Adrenergic regulation of immunosenescence and cognitive decline across the life course

Heightened sympathetic nervous system (SNS) activity and raised systemic adrenaline and noradrenaline levels (A/NA) are found in many age-related morbidities including cognitive decline, cardiovascular disease and metabolic disorders.

SNS activity, chronic stress and adrenergic signalling are known to increase systemic inflammation and suppress activation-induced immune functions in human primary cells in vitro and in animal in vivo models.

Loss of antigen-specific immune responses and increased inflammation are the two hallmarks of the aged immune system, also called immunosenescence.

We have shown that β-adrenergic stimulation can induce senescence signalling, ROS expression and DNA damage in vitro, demonstrating that adrenergic signalling can induce senescence features within T cells.

Understanding the relationship between adrenergic-induced immune senescence and reduced cognitive function and increased inflammatory and metabolic diseases will help us to design interventions to improve healthy lifespan.

The primary aim of this proposal is to determine whether the negative regulation of immunity by SNS activity and adrenergic signalling is due to adrenergic-driven immunosenescence in humans.

The primary objectives of the project are: • To determine whether heightened systemic A/NA levels are associated with an aged-immune phenotype e.g. reduced numbers of naïve cells, T cell differentiation and increased expression of senescence markers • To determine whether heightened systemic A/NA levels are associated with reduced immune response to challenge and/ or increased systemic inflammation • To investigate whether the adverse effect of heightened adrenergic regulation of immunity is enhanced by ageing.

A secondary objective is to: • Assess the correlation between systemic A/NA levels, immunosenescence and impaired cognitive function Methodology A human in vivo cross-sectional study design in healthy adults with either low or high systemic adrenaline and noradrenaline (A/NA) will be used to determine adrenergic associated differences in immunosenescence as determined by cell differentiation and senescence phenotype, the functional response to activation, the level of systemic inflammation, and cognitive function.

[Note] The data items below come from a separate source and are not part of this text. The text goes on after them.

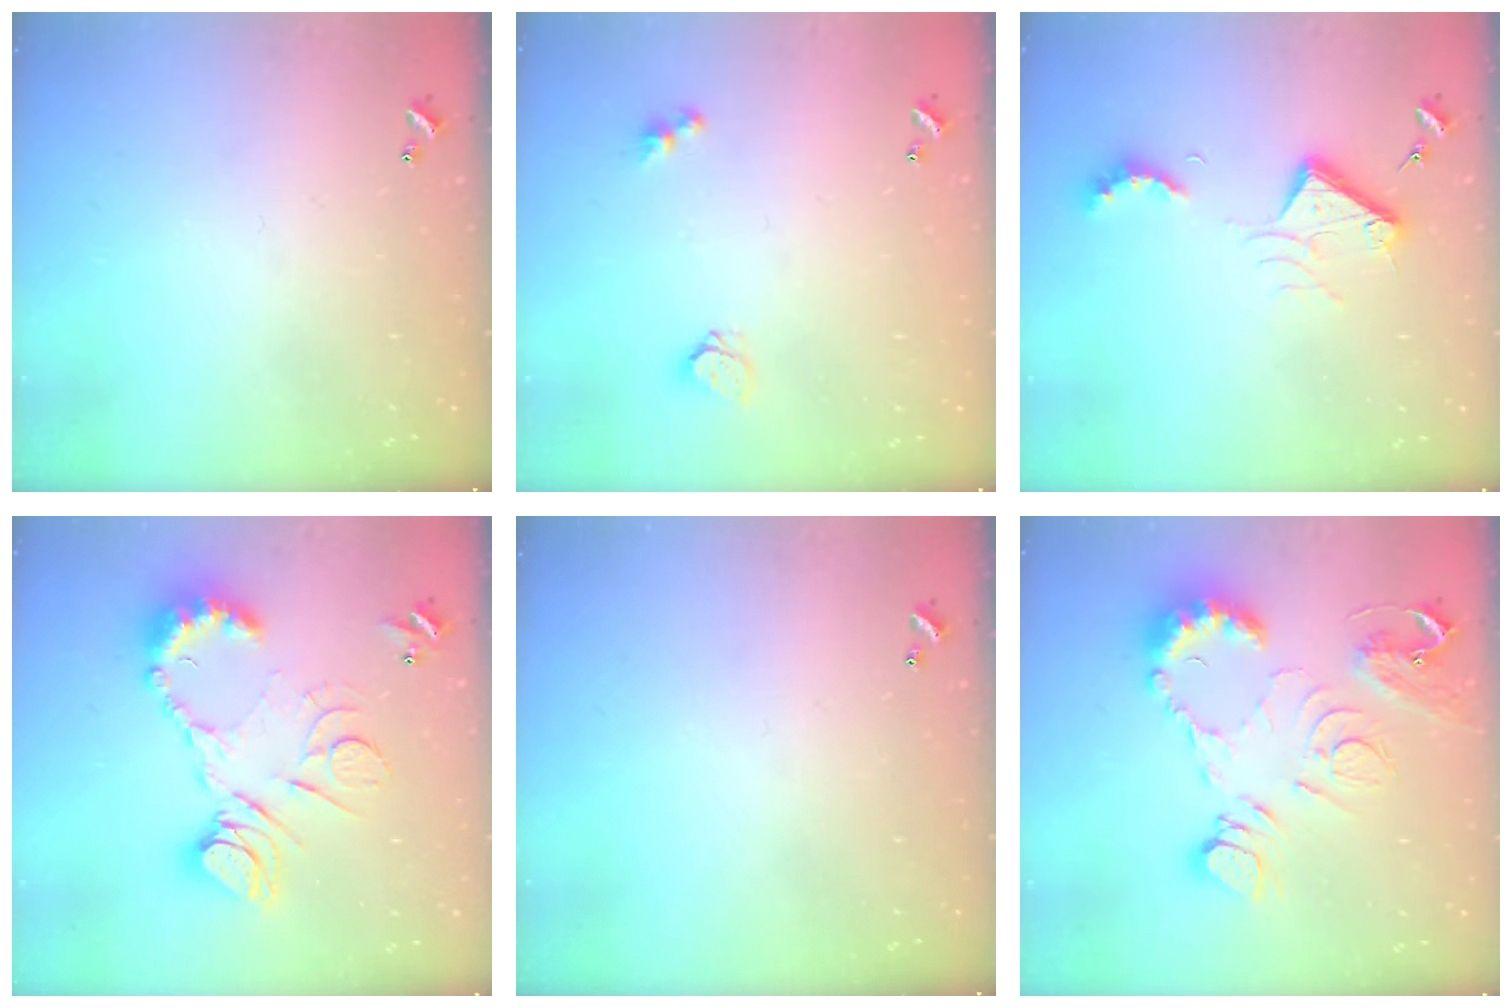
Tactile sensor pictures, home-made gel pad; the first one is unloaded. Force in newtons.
{"total": 3.7, "press": 3.7, "slide": 0.3}
{"total": 10.7, "press": 10.6, "slide": 1.3}
{"total": 17.5, "press": 17.4, "slide": 1.8}
{"total": 0.0}
{"total": 15.4, "press": 15.3, "slide": 1.0}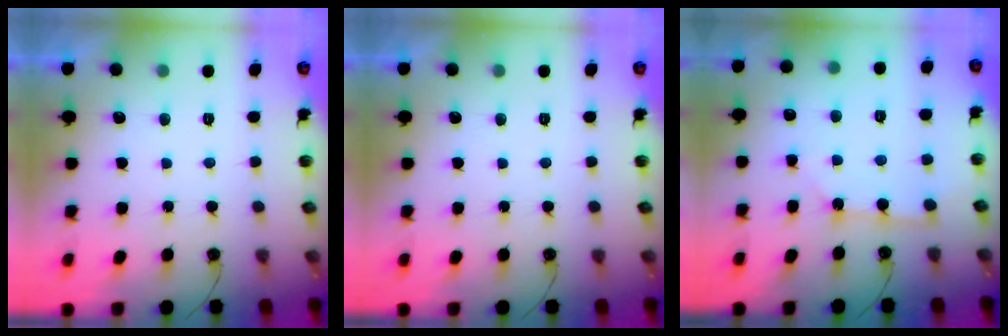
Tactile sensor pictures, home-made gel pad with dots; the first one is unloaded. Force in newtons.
{"total": 0.0}
{"total": 3.0, "press": 2.9, "slide": 0.3}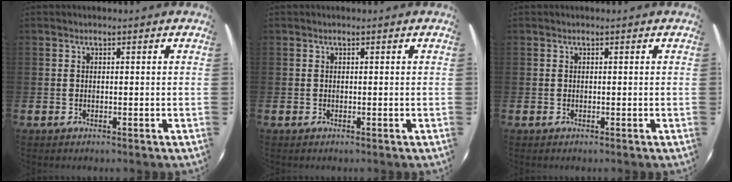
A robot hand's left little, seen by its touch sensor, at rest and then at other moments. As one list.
[{"total": 0.0}, {"total": 0.0}]

To assess the interaction between age and adrenergic regulation of immunosenescence and cognitive function, results in young (<​35-years old) and old (>65-years old) low and high A/NA individuals will be compared. Latest technologies in immune profiling will be used to characterise the immune response.

First, advanced flow cytometry using full fluorescent spectrum technology (Cytek Aurora) will be used for high dimensional immune phenotyping to determine 1) participant Imm-AGE score, which is a clinically relevant measure of immune aging and a predictor of all-cause mortality, and expression of classical senescence markers (e.g.

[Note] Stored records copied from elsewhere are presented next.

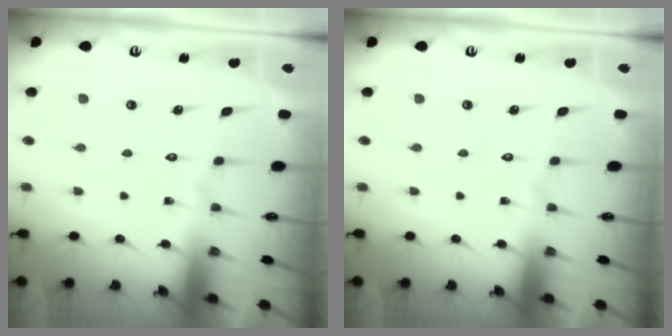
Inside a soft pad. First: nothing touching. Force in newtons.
{"total": 0.0}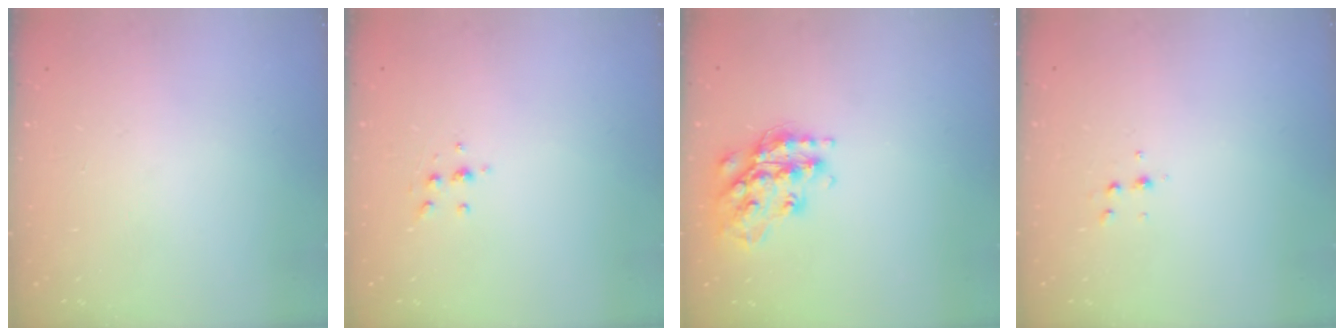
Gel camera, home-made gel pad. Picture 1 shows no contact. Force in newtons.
{"total": 4.4, "press": 4.4, "slide": 0.7}
{"total": 16.9, "press": 16.9, "slide": 1.2}
{"total": 4.1, "press": 4.0, "slide": 1.1}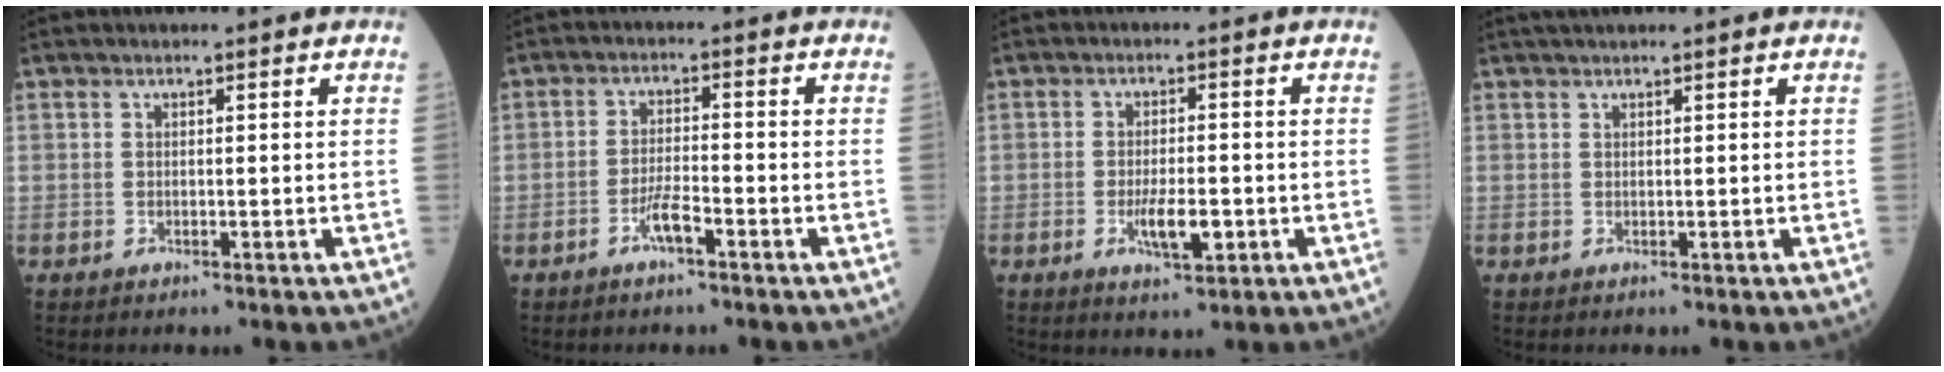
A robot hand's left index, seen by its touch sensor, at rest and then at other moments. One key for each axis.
{"total": 3.6, "fx": -2.2, "fy": 0.5, "fz": 2.7, "tx": -0.056, "ty": 0.000, "tz": -0.043}
{"total": 5.0, "fx": -1.6, "fy": 1.4, "fz": 4.5, "tx": -0.086, "ty": -0.003, "tz": -0.022}
{"total": 1.5, "fx": 1.3, "fy": -0.2, "fz": 0.8, "tx": -0.012, "ty": 0.017, "tz": 0.028}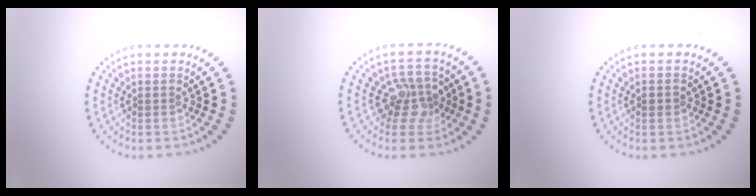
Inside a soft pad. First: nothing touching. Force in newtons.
{"total": 2.9, "press": 2.6, "slide": 1.3}
{"total": 1.0, "press": 0.9, "slide": 0.2}

CD57, KLRG1) and signalling molecules (e.g. p16 and p38) and 2) cellular functional responses ex-vivo including pro- and anti-inflammatory markers and accessory molecule expression. Second, the systemic inflammatory profile will be determined by the IsoPlexis multiplex Secretome platform. A/NA will be determined by ELISA.

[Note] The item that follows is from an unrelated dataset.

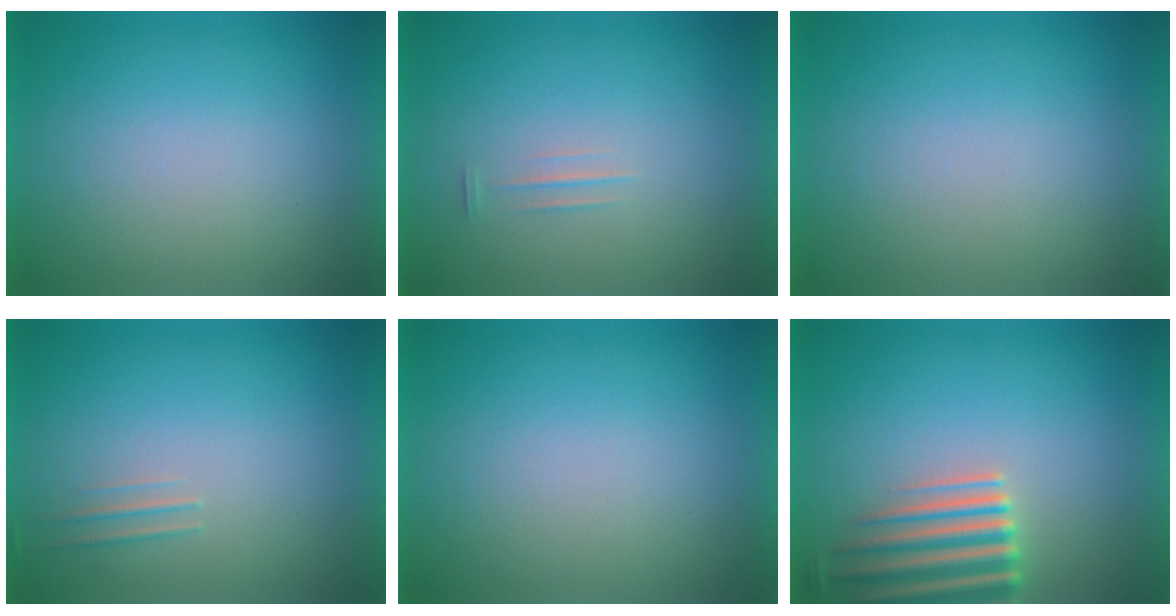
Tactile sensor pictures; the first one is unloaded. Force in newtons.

An unbiased assessment of cognitive function will be made using a test battery to identify interactions between cognitive functions, immunosenescence and systemic adrenergic activity.

The cognitive test battery will include a range of tests to probe different domains including memory, processing speed, attention, and reaction time.

A strict inclusion and exclusion criteria will be utilised to exclude participants with underlying health issues that may impact adrenergic activity or immune function.

Deliverable impact This work will determine if high SNS activity and raised adrenergic levels associate with immunosenescence in vivo, and how this links to loss of immune function, systemic inflammation and cognitive decline in ageing.

This data will advance our understanding of the important role played by psycho-neuro-immunological interactions and how they manifest across the life course and is critical to demonstrate the need for clinical trials assessing: 1) the immunological benefits of stress reduction or sympathetic nervous system inhibition interventions on immunological health, cognitive function and ageing; and 2) whether inhibiting adrenergic signalling using beta-blockers in older adults may improve antigen-specific immune responses, for example to vaccination.

The immediate impact of this work will be the training of one postdoc, two MSci and at least five BSc students in immunological and ageing research.

Importantly, it will support the development of an early career PI and research fellow, the lead investigators on this proposal, by strengthening their research esteem, and supporting the development of innovative, original, multi-disciplinary ageing research.